= GIVEN INFORMATION =
* * * * * * *
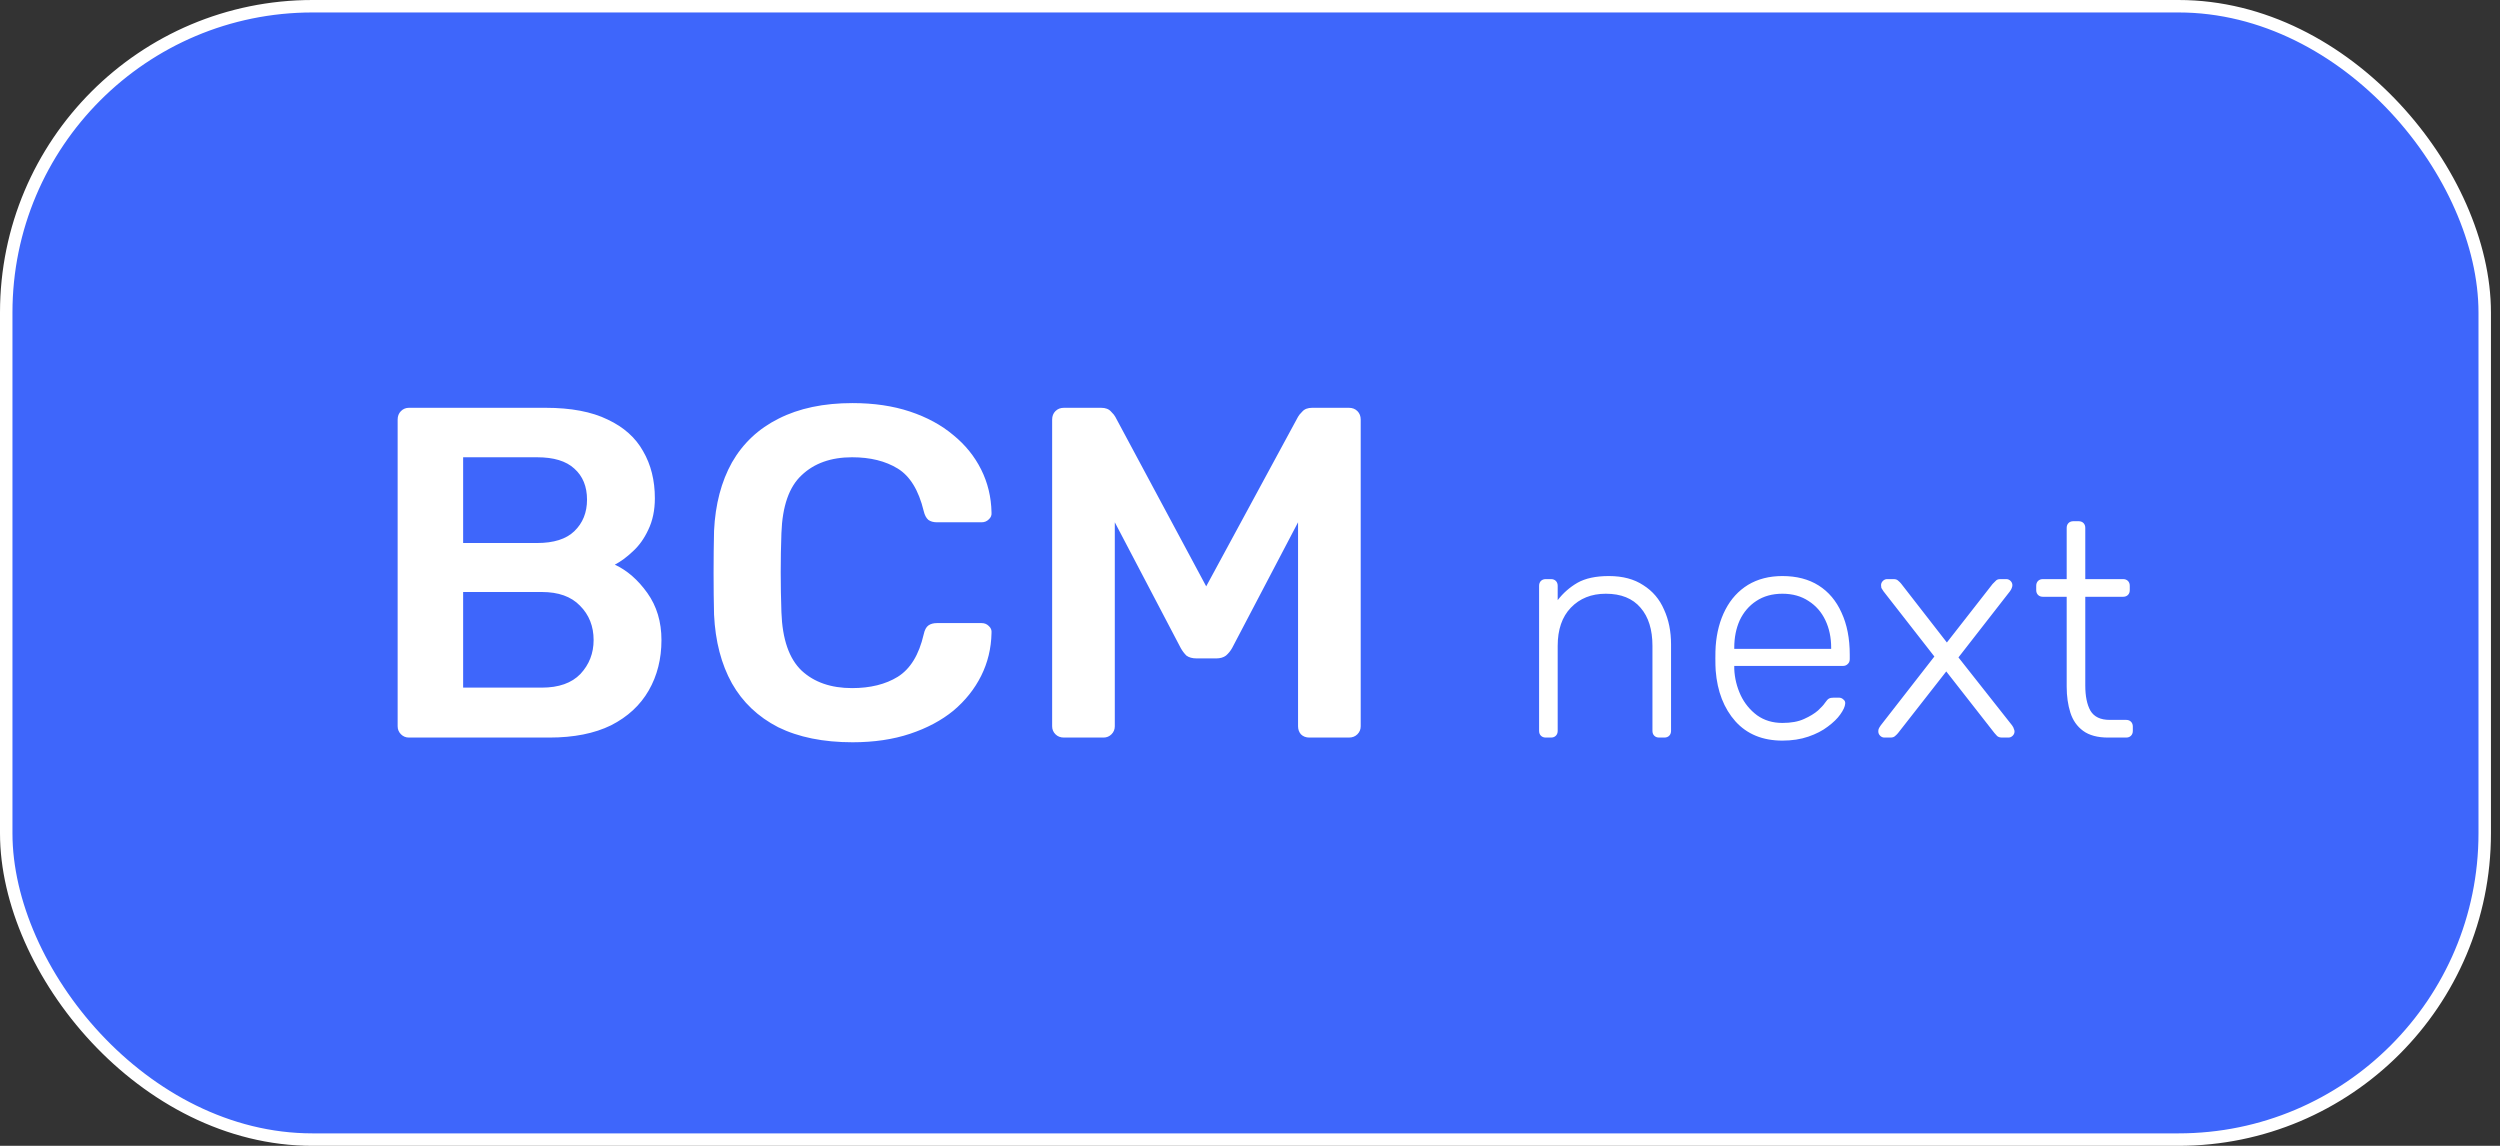 <svg width="240" height="110" viewBox="0 0 240 110" fill="none" xmlns="http://www.w3.org/2000/svg">
<rect x="0" y="0" width="240" height="110" fill="#333333" stroke="none"/>
<rect x="0.598" y="0.598" width="237.935" height="108.804" rx="29.402" fill="#3E66FB" stroke="white" stroke-width="1.196"/>
<path d="M39.26 70.806C38.958 70.806 38.702 70.701 38.491 70.49C38.28 70.278 38.174 70.022 38.174 69.721V40.28C38.174 39.948 38.28 39.677 38.491 39.466C38.702 39.255 38.958 39.149 39.26 39.149H52.375C54.817 39.149 56.807 39.526 58.344 40.28C59.882 41.004 61.012 42.014 61.736 43.31C62.49 44.606 62.867 46.114 62.867 47.832C62.867 48.978 62.656 49.988 62.233 50.862C61.842 51.706 61.344 52.4 60.741 52.943C60.168 53.485 59.595 53.907 59.023 54.209C60.198 54.752 61.239 55.656 62.143 56.922C63.047 58.189 63.5 59.696 63.5 61.445C63.5 63.254 63.093 64.867 62.279 66.284C61.465 67.701 60.259 68.816 58.661 69.63C57.063 70.414 55.088 70.806 52.736 70.806H39.26ZM44.461 66.012H52.013C53.641 66.012 54.877 65.575 55.721 64.701C56.565 63.796 56.987 62.711 56.987 61.445C56.987 60.118 56.55 59.018 55.676 58.143C54.832 57.269 53.611 56.832 52.013 56.832H44.461V66.012ZM44.461 52.129H51.561C53.158 52.129 54.349 51.752 55.133 50.998C55.947 50.214 56.354 49.204 56.354 47.968C56.354 46.702 55.947 45.707 55.133 44.983C54.349 44.26 53.158 43.898 51.561 43.898H44.461V52.129ZM81.845 71.258C79.041 71.258 76.659 70.776 74.7 69.811C72.77 68.816 71.293 67.414 70.268 65.605C69.243 63.766 68.67 61.565 68.549 59.003C68.519 57.767 68.504 56.44 68.504 55.023C68.504 53.606 68.519 52.249 68.549 50.953C68.67 48.42 69.243 46.234 70.268 44.395C71.323 42.556 72.815 41.154 74.745 40.19C76.704 39.194 79.071 38.697 81.845 38.697C83.895 38.697 85.734 38.968 87.362 39.511C88.99 40.054 90.377 40.807 91.523 41.772C92.669 42.707 93.558 43.807 94.191 45.074C94.824 46.34 95.156 47.712 95.186 49.189C95.216 49.46 95.126 49.687 94.915 49.867C94.734 50.048 94.508 50.139 94.236 50.139H89.94C89.608 50.139 89.337 50.063 89.126 49.913C88.915 49.732 88.764 49.445 88.674 49.053C88.191 47.063 87.362 45.707 86.186 44.983C85.011 44.26 83.548 43.898 81.8 43.898C79.78 43.898 78.167 44.471 76.961 45.616C75.755 46.732 75.107 48.586 75.016 51.179C74.926 53.651 74.926 56.184 75.016 58.776C75.107 61.369 75.755 63.239 76.961 64.384C78.167 65.5 79.78 66.058 81.8 66.058C83.548 66.058 85.011 65.696 86.186 64.972C87.392 64.218 88.222 62.862 88.674 60.902C88.764 60.48 88.915 60.194 89.126 60.043C89.337 59.892 89.608 59.817 89.94 59.817H94.236C94.508 59.817 94.734 59.907 94.915 60.088C95.126 60.269 95.216 60.495 95.186 60.766C95.156 62.244 94.824 63.615 94.191 64.882C93.558 66.148 92.669 67.263 91.523 68.228C90.377 69.163 88.99 69.901 87.362 70.444C85.734 70.987 83.895 71.258 81.845 71.258ZM102.137 70.806C101.805 70.806 101.534 70.701 101.323 70.49C101.112 70.278 101.006 70.022 101.006 69.721V40.28C101.006 39.948 101.112 39.677 101.323 39.466C101.534 39.255 101.805 39.149 102.137 39.149H105.71C106.132 39.149 106.448 39.27 106.659 39.511C106.87 39.722 107.006 39.888 107.066 40.009L115.795 56.289L124.613 40.009C124.674 39.888 124.809 39.722 125.02 39.511C125.231 39.27 125.548 39.149 125.97 39.149H129.497C129.829 39.149 130.1 39.255 130.311 39.466C130.522 39.677 130.628 39.948 130.628 40.28V69.721C130.628 70.022 130.522 70.278 130.311 70.49C130.1 70.701 129.829 70.806 129.497 70.806H125.699C125.367 70.806 125.096 70.701 124.885 70.49C124.704 70.278 124.613 70.022 124.613 69.721V50.139L118.282 62.214C118.131 62.485 117.935 62.726 117.694 62.937C117.453 63.118 117.136 63.208 116.744 63.208H114.89C114.468 63.208 114.136 63.118 113.895 62.937C113.684 62.726 113.503 62.485 113.352 62.214L107.021 50.139V69.721C107.021 70.022 106.916 70.278 106.705 70.49C106.494 70.701 106.237 70.806 105.936 70.806H102.137ZM148.397 70.806C148.202 70.806 148.046 70.748 147.929 70.63C147.812 70.513 147.753 70.358 147.753 70.162V56.238C147.753 56.043 147.812 55.887 147.929 55.77C148.046 55.653 148.202 55.594 148.397 55.594H148.894C149.089 55.594 149.245 55.653 149.362 55.77C149.479 55.887 149.538 56.043 149.538 56.238V57.613C150.064 56.93 150.698 56.374 151.439 55.945C152.2 55.516 153.204 55.301 154.452 55.301C155.778 55.301 156.88 55.594 157.758 56.179C158.655 56.745 159.318 57.525 159.747 58.52C160.196 59.495 160.42 60.606 160.42 61.854V70.162C160.42 70.358 160.361 70.513 160.244 70.63C160.127 70.748 159.971 70.806 159.776 70.806H159.279C159.084 70.806 158.928 70.748 158.811 70.63C158.694 70.513 158.635 70.358 158.635 70.162V62.001C158.635 60.441 158.255 59.221 157.495 58.344C156.734 57.447 155.622 56.998 154.16 56.998C152.775 56.998 151.654 57.447 150.795 58.344C149.957 59.221 149.538 60.441 149.538 62.001V70.162C149.538 70.358 149.479 70.513 149.362 70.63C149.245 70.748 149.089 70.806 148.894 70.806H148.397ZM171.111 71.099C169.22 71.099 167.718 70.484 166.606 69.256C165.495 68.007 164.861 66.379 164.705 64.37C164.685 64.078 164.675 63.688 164.675 63.2C164.675 62.712 164.685 62.322 164.705 62.03C164.802 60.704 165.114 59.534 165.641 58.52C166.167 57.505 166.889 56.715 167.806 56.15C168.742 55.584 169.844 55.301 171.111 55.301C172.476 55.301 173.637 55.604 174.592 56.208C175.548 56.813 176.279 57.681 176.786 58.812C177.313 59.943 177.576 61.289 177.576 62.849V63.288C177.576 63.483 177.508 63.639 177.372 63.756C177.255 63.873 177.099 63.931 176.904 63.931H166.489C166.489 63.931 166.489 63.97 166.489 64.048C166.489 64.126 166.489 64.185 166.489 64.224C166.528 65.102 166.733 65.94 167.104 66.74C167.474 67.52 168.001 68.163 168.683 68.671C169.366 69.158 170.175 69.402 171.111 69.402C171.95 69.402 172.642 69.275 173.188 69.022C173.754 68.768 174.202 68.495 174.534 68.202C174.866 67.89 175.08 67.656 175.178 67.5C175.353 67.247 175.49 67.1 175.587 67.061C175.685 67.003 175.841 66.974 176.055 66.974H176.523C176.699 66.974 176.845 67.032 176.962 67.149C177.099 67.247 177.157 67.383 177.138 67.559C177.118 67.832 176.962 68.173 176.669 68.583C176.396 68.973 175.997 69.363 175.47 69.753C174.963 70.143 174.339 70.465 173.598 70.718C172.857 70.972 172.028 71.099 171.111 71.099ZM166.489 62.293H175.792V62.176C175.792 61.201 175.607 60.323 175.236 59.543C174.866 58.763 174.329 58.149 173.627 57.7C172.925 57.232 172.086 56.998 171.111 56.998C170.136 56.998 169.298 57.232 168.595 57.7C167.913 58.149 167.386 58.763 167.016 59.543C166.665 60.323 166.489 61.201 166.489 62.176V62.293ZM180.903 70.806C180.747 70.806 180.61 70.748 180.493 70.63C180.376 70.513 180.318 70.377 180.318 70.221C180.318 70.143 180.327 70.065 180.347 69.987C180.386 69.889 180.454 69.772 180.552 69.636L185.7 63.025L180.815 56.764C180.718 56.628 180.649 56.52 180.61 56.442C180.591 56.345 180.581 56.257 180.581 56.179C180.581 56.023 180.64 55.887 180.757 55.77C180.874 55.653 181.01 55.594 181.166 55.594H181.78C181.975 55.594 182.122 55.643 182.219 55.74C182.336 55.838 182.434 55.935 182.512 56.033L186.9 61.679L191.288 56.062C191.385 55.965 191.483 55.867 191.58 55.77C191.678 55.653 191.824 55.594 192.019 55.594H192.604C192.76 55.594 192.897 55.653 193.014 55.77C193.131 55.887 193.189 56.023 193.189 56.179C193.189 56.257 193.17 56.345 193.131 56.442C193.111 56.52 193.053 56.628 192.955 56.764L188.011 63.112L193.16 69.636C193.258 69.772 193.316 69.889 193.336 69.987C193.375 70.065 193.394 70.143 193.394 70.221C193.394 70.377 193.336 70.513 193.219 70.63C193.102 70.748 192.965 70.806 192.809 70.806H192.195C192 70.806 191.844 70.757 191.727 70.66C191.629 70.562 191.541 70.465 191.463 70.367L186.841 64.458L182.219 70.367C182.141 70.465 182.044 70.562 181.927 70.66C181.829 70.757 181.683 70.806 181.488 70.806H180.903ZM202.381 70.806C201.367 70.806 200.567 70.591 199.982 70.162C199.397 69.733 198.988 69.148 198.754 68.407C198.52 67.666 198.402 66.837 198.402 65.921V57.291H196.121C195.926 57.291 195.77 57.232 195.653 57.115C195.536 56.998 195.477 56.842 195.477 56.647V56.238C195.477 56.043 195.536 55.887 195.653 55.77C195.77 55.653 195.926 55.594 196.121 55.594H198.402V50.679C198.402 50.484 198.461 50.328 198.578 50.211C198.695 50.094 198.851 50.036 199.046 50.036H199.543C199.738 50.036 199.894 50.094 200.011 50.211C200.128 50.328 200.187 50.484 200.187 50.679V55.594H203.814C204.009 55.594 204.165 55.653 204.282 55.77C204.4 55.887 204.458 56.043 204.458 56.238V56.647C204.458 56.842 204.4 56.998 204.282 57.115C204.165 57.232 204.009 57.291 203.814 57.291H200.187V65.804C200.187 66.837 200.353 67.647 200.684 68.232C201.035 68.817 201.65 69.109 202.527 69.109H204.107C204.302 69.109 204.458 69.168 204.575 69.285C204.692 69.402 204.751 69.558 204.751 69.753V70.162C204.751 70.358 204.692 70.513 204.575 70.63C204.458 70.748 204.302 70.806 204.107 70.806H202.381Z" fill="white"/>
</svg>

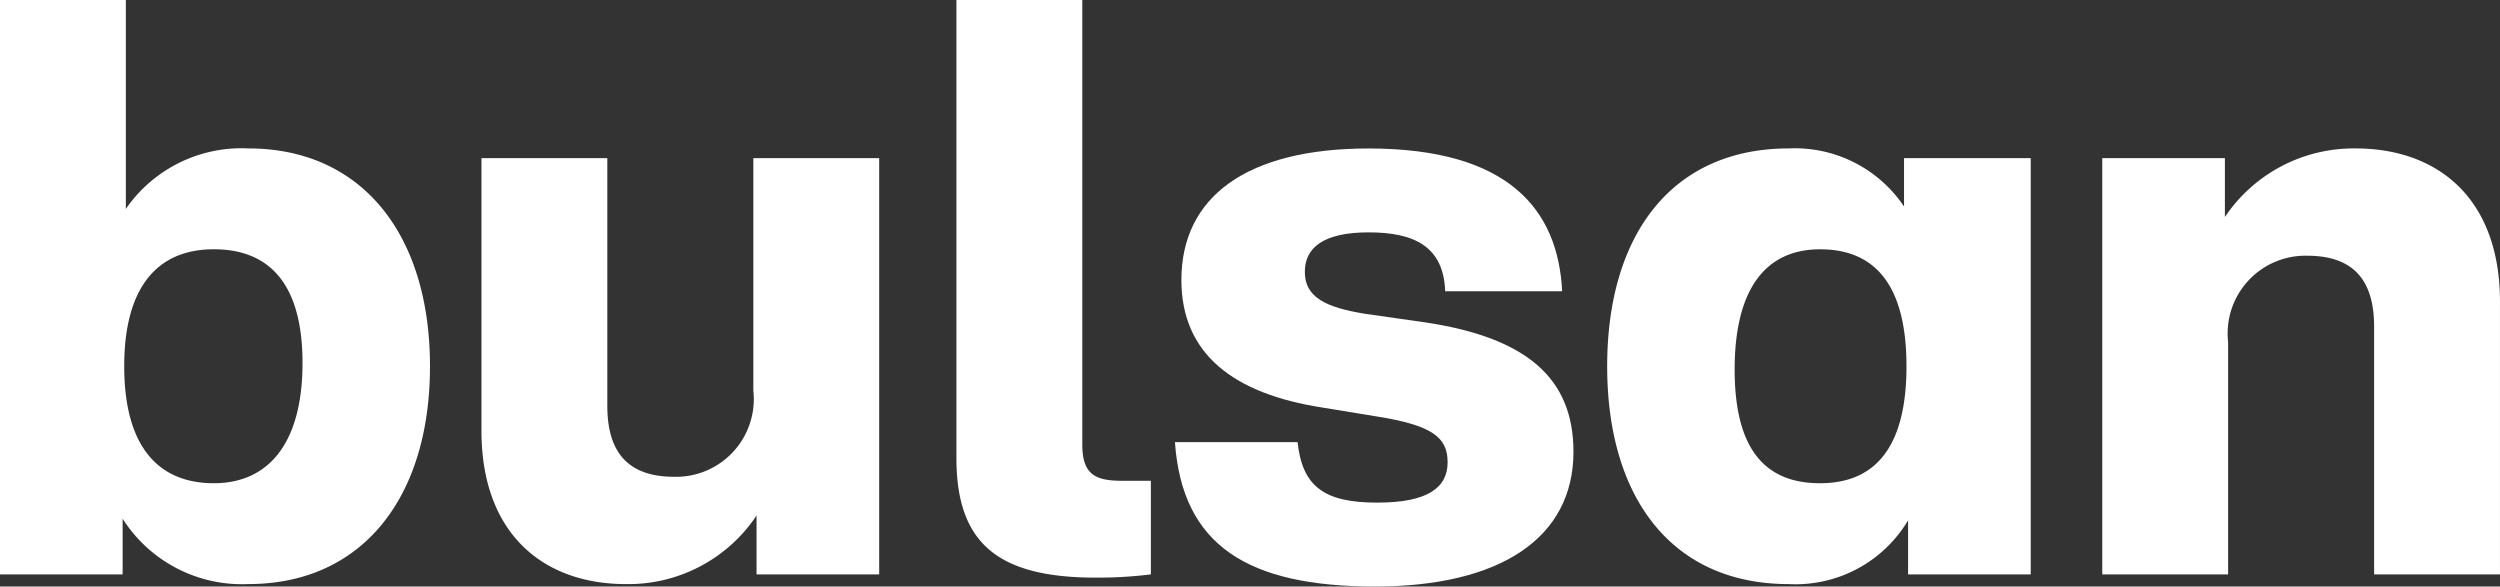 <svg id="Livello_1" data-name="Livello 1" xmlns="http://www.w3.org/2000/svg" width="38.29mm" height="8.983mm" viewBox="0 0 108.538 25.463">
  <rect x="0" y="0" width="108.538" height="25.463" fill="#333333" stroke="none"/>
  <path d="M133.039,20.249a6.734,6.734,0,0,0-5.674,2.977V20.67h-5.324V38.742h5.464v-10.087a3.376,3.376,0,0,1,3.432-3.748c2.031,0,2.907,1.086,2.907,3.082V38.742h5.464V26.904c0-4.483-2.697-6.655-6.269-6.655" transform="translate(-30.771 -13.805)" fill="#fff"/>
  <path d="M113.435,20.67v2.101a5.705,5.705,0,0,0-5.008-2.522c-5.043,0-7.88,3.712-7.88,9.457s2.837,9.457,7.88,9.457a5.688,5.688,0,0,0,5.184-2.767v2.347h5.324V20.67Zm-3.642,14.115c-2.417,0-3.712-1.506-3.712-4.938s1.296-5.219,3.712-5.219c2.452,0,3.748,1.646,3.748,5.079S112.244,34.784,109.792,34.784Z" transform="translate(-30.771 -13.805)" fill="#fff"/>
  <path d="M90.467,39.268c5.429,0,8.616-2.101,8.616-5.849,0-3.222-2.066-4.938-6.339-5.604l-2.697-.385c-1.751-.28-2.627-.736-2.627-1.821,0-1.051.806-1.716,2.767-1.716s3.257.595,3.327,2.557h5.078c-.175-3.537-2.312-6.199-8.406-6.199-5.289,0-8.125,2.101-8.125,5.709,0,3.222,2.277,4.938,6.094,5.534l2.347.385c2.452.385,3.117.911,3.117,1.996s-.841,1.751-3.047,1.751c-2.277,0-3.257-.665-3.467-2.627H81.781c.315,4.483,3.152,6.269,8.686,6.269" transform="translate(-30.771 -13.805)" fill="#fff"/>
  <path d="M78.354,38.882a18.466,18.466,0,0,0,2.382-.14V34.679H79.51c-1.156,0-1.751-.245-1.751-1.576V13.805H72.295V33.699c0,3.713,1.821,5.184,6.059,5.184" transform="translate(-30.771 -13.805)" fill="#fff"/>
  <path d="M63.477,20.67v10.087a3.376,3.376,0,0,1-3.432,3.748c-2.031,0-2.907-1.086-2.907-3.082V20.67H51.674V32.508c0,4.483,2.697,6.655,6.269,6.655a6.687,6.687,0,0,0,5.674-2.977v2.557h5.324V20.67Z" transform="translate(-30.771 -13.805)" fill="#fff"/>
  <path d="M41.558,20.249a6.1,6.1,0,0,0-5.324,2.627V13.805H30.771v24.937h5.324V36.325a6.141,6.141,0,0,0,5.464,2.837c4.903,0,7.88-3.713,7.88-9.457S46.461,20.249,41.558,20.249Zm-1.506,14.535c-2.452,0-3.888-1.646-3.888-5.078s1.436-5.079,3.888-5.079c2.417,0,3.853,1.506,3.853,4.938S42.468,34.784,40.052,34.784Z" transform="translate(-30.771 -13.805)" fill="#fff"/>
</svg>
* * * * * * *
= YOUR TASK =
Find the string "rect" in the data. Report each line it appears in.

= RESULT FOR THIS TASK =
<rect x="0" y="0" width="240" height="110" fill="#333333" stroke="none"/>
<rect x="0.598" y="0.598" width="237.935" height="108.804" rx="29.402" fill="#3E66FB" stroke="white" stroke-width="1.196"/>
  <rect x="0" y="0" width="108.538" height="25.463" fill="#333333" stroke="none"/>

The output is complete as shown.